Glioblastoma Induces the Recruitment of Anti-Tumoral Immunostimulatory Neutrophils from Skull Bone Marrow

INTRODUCTION: The effects of tumor-associated neutrophils (TANs) on glioblastoma biology remain poorly understood. While TANs are generally considered immunosuppressive, recent studies have demonstrated their ability to present antigen to T cells, warranting investigation of this phenotype in glioblastoma. METHODS: Flow cytometry was used to sort and characterize surface protein expression among neutrophils across 5 newly diagnosed glioblastoma fresh tissue specimens. Samples were evaluated transcriptomically via single-cell RNA sequencing (scRNA-seq) or phenotypically via coculture with autologous T cells. TANs were further evaluated in a syngeneic glioma mouse model (Balb/c), treated with either neutrophil-depleting antibody (αLy6G) or isotype control; tumor size was ascertained by bioluminescent imaging. Skull bone marrow was tagged with fluorescent dye in neutrophil tracing experiments.

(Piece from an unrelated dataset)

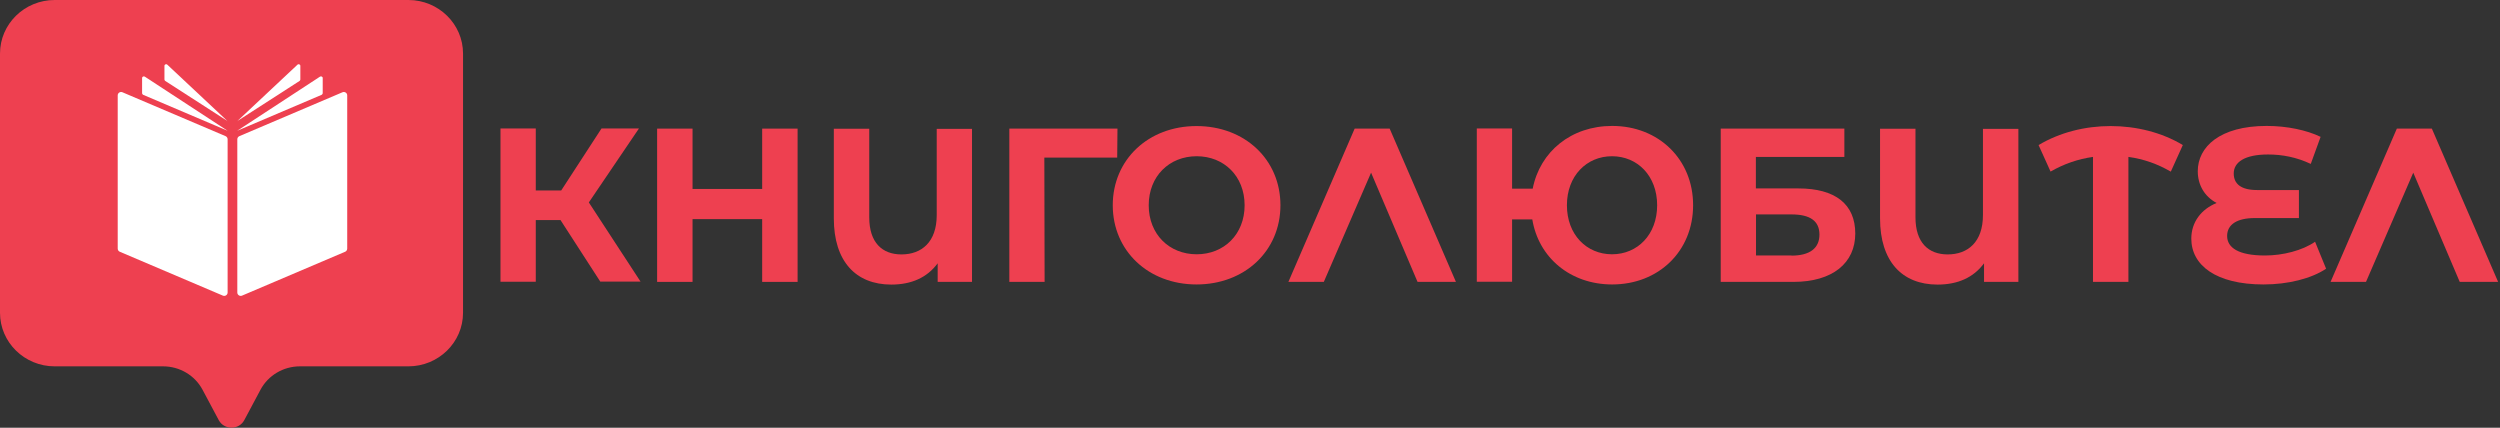 <?xml version="1.0" encoding="UTF-8"?> <svg xmlns="http://www.w3.org/2000/svg" id="Layer_1" viewBox="0 0 185.62 31.76"><rect x="0" y="0" width="185.62" height="31.76" fill="#333333" stroke="none"/><defs><style>.cls-1{fill:#ee4050;}.cls-2{fill:#fff;}</style></defs><g id="logo_V01"><path class="cls-1" d="M30.32,0H4.06C1.82,0,0,1.78,0,3.98v19.24c0,2.2,1.82,3.98,4.06,3.98h8.05c1.23,0,2.36.67,2.93,1.74l1.2,2.25c.4.75,1.5.75,1.9,0l1.2-2.25c.57-1.07,1.7-1.74,2.93-1.74h8.05c2.24,0,4.06-1.78,4.06-3.98V3.98c0-2.2-1.82-3.98-4.06-3.98Z"></path><path class="cls-2" d="M16.55,21.95l-7.66-3.26c-.09-.04-.15-.13-.15-.23V7.08c0-.18.19-.3.35-.23l7.66,3.26c.09.04.15.13.15.23v11.38c0,.18-.19.3-.35.23"></path><path class="cls-2" d="M16.9,9.71l-6.15-4.02c-.08-.05-.2,0-.2.1v1.14s.03.09.08.11l6.27,2.67Z"></path><path class="cls-2" d="M16.9,9l-4.48-4.2c-.08-.07-.21-.02-.21.09v1.02s.02.08.06.1l4.64,2.99Z"></path><path class="cls-2" d="M17.97,21.95l7.66-3.26c.09-.04.15-.13.15-.23V7.08c0-.18-.19-.3-.35-.23l-7.66,3.26c-.09.04-.15.13-.15.23v11.38c0,.18.19.3.35.23"></path><path class="cls-2" d="M17.61,9.71l6.15-4.02c.08-.05.2,0,.2.1v1.14s-.03.09-.08.11l-6.27,2.67Z"></path><path class="cls-2" d="M17.61,9l4.48-4.2c.08-.07.21-.02.21.09v1.02s-.02.08-.06.1l-4.64,2.99Z"></path></g><path class="cls-1" d="M41.6,16.34h-1.82v4.58h-2.62v-11.38h2.62v4.6h1.89l2.99-4.6h2.78l-3.72,5.49,3.84,5.88h-2.99l-2.96-4.58Z"></path><path class="cls-1" d="M59.22,9.55v11.38h-2.63v-4.66h-5.17v4.66h-2.63v-11.38h2.63v4.48h5.17v-4.48h2.63Z"></path><path class="cls-1" d="M72.17,9.55v11.38h-2.55v-1.38c-.78,1.06-1.95,1.58-3.44,1.58-2.65,0-4.27-1.74-4.27-4.91v-6.66h2.63v6.58c0,1.87.96,2.75,2.39,2.75,1.51,0,2.62-.93,2.62-2.92v-6.4h2.63Z"></path><path class="cls-1" d="M82.95,11.7h-5.41l.02,9.23h-2.62v-11.38h8.03l-.02,2.14Z"></path><path class="cls-1" d="M82.62,15.24c0-3.38,2.63-5.88,6.22-5.88s6.23,2.49,6.23,5.88-2.65,5.88-6.23,5.88-6.22-2.5-6.22-5.88ZM92.41,15.24c0-2.16-1.53-3.64-3.56-3.64s-3.56,1.48-3.56,3.64,1.53,3.64,3.56,3.64,3.56-1.48,3.56-3.64Z"></path><path class="cls-1" d="M105.25,20.93l-3.45-8.11-3.51,8.11h-2.63l4.92-11.38h2.6l4.92,11.38h-2.86Z"></path><path class="cls-1" d="M125.71,15.24c0,3.4-2.55,5.88-6.01,5.88-3.09,0-5.46-1.98-5.93-4.83h-1.5v4.63h-2.62v-11.38h2.62v4.47h1.53c.54-2.76,2.86-4.66,5.9-4.66,3.46,0,6.01,2.49,6.01,5.88ZM123.04,15.24c0-2.18-1.46-3.64-3.35-3.64s-3.35,1.46-3.35,3.64,1.46,3.64,3.35,3.64,3.35-1.46,3.35-3.64Z"></path><path class="cls-1" d="M127.76,9.55h9.18v2.1h-6.57v2.34h3.15c2.75,0,4.23,1.17,4.23,3.35s-1.67,3.59-4.6,3.59h-5.39v-11.38ZM133.01,18.98c1.35,0,2.08-.54,2.08-1.56s-.7-1.5-2.08-1.5h-2.63v3.05h2.63Z"></path><path class="cls-1" d="M149.86,9.55v11.38h-2.55v-1.38c-.78,1.06-1.95,1.58-3.45,1.58-2.65,0-4.27-1.74-4.27-4.91v-6.66h2.63v6.58c0,1.87.96,2.75,2.39,2.75,1.51,0,2.62-.93,2.62-2.92v-6.4h2.63Z"></path><path class="cls-1" d="M161.17,12.74c-.98-.57-2-.93-3.14-1.09v9.28h-2.63v-9.28c-1.12.16-2.16.52-3.15,1.09l-.89-1.97c1.58-.94,3.45-1.41,5.35-1.41s3.8.47,5.36,1.41l-.89,1.97Z"></path><path class="cls-1" d="M172.71,19.95c-1.09.73-2.81,1.17-4.65,1.17-3.53,0-5.36-1.43-5.36-3.4,0-1.24.75-2.19,1.88-2.65-.89-.47-1.4-1.33-1.4-2.36,0-1.79,1.62-3.36,5.12-3.36,1.5,0,2.96.31,4,.81l-.73,2.01c-1.04-.49-2.1-.7-3.17-.7-1.75,0-2.55.58-2.55,1.41,0,.78.55,1.23,1.74,1.23h3.1v2.08h-3.27c-1.3,0-2.06.46-2.06,1.33s.84,1.45,2.81,1.45c1.33,0,2.78-.37,3.72-1.02l.81,1.98Z"></path><path class="cls-1" d="M182.63,20.93l-3.45-8.11-3.51,8.11h-2.63l4.92-11.38h2.6l4.92,11.38h-2.86Z"></path></svg>

RESULTS: 21.0-34.1% of patient glioblastoma TANs express MHCII, a marker of antigen-presenting cells not canonically associated with neutrophils and not expressed in matched peripheral blood (PBNs). scRNA-seq pseudotime analysis demonstrates that antigen-presenting neutrophils are a developmental lineage seen uniquely in TANs and not PBNs, with enriched expression of MHCII subunits (HLA-DR), chaperones (HLA-DM), and costimulatory ligands (CD86/83;). Consequently, TANs activate T cells in an MHCII-dependent manner (CD25 MFI fold-change, PBNs vs TANs: 1.1 vs 3.2, p < 0.001), and depleting neutrophils in a murine model yields endpoint tumors that have 53% lower CD8+ T cell infiltration (n = 13, p = 0.0024) and are 2.4-fold larger (p = 0.0383). The lack of MHCII+ neutrophils in blood suggests that these cells may be recruited from local marrow niches and not circulation; indeed, in vivo, we observe that compared to all TANs, MHCII+ TANs are disproportionately derived from skull bone marrow (41.7% vs 9.3%). CONCLUSIONS: Given the recruitment of immunostimulatory TANs from the calvarium to the glioblastoma microenvironment, mechanisms to enhance neutrophil transmarrow migration may have therapeutic value.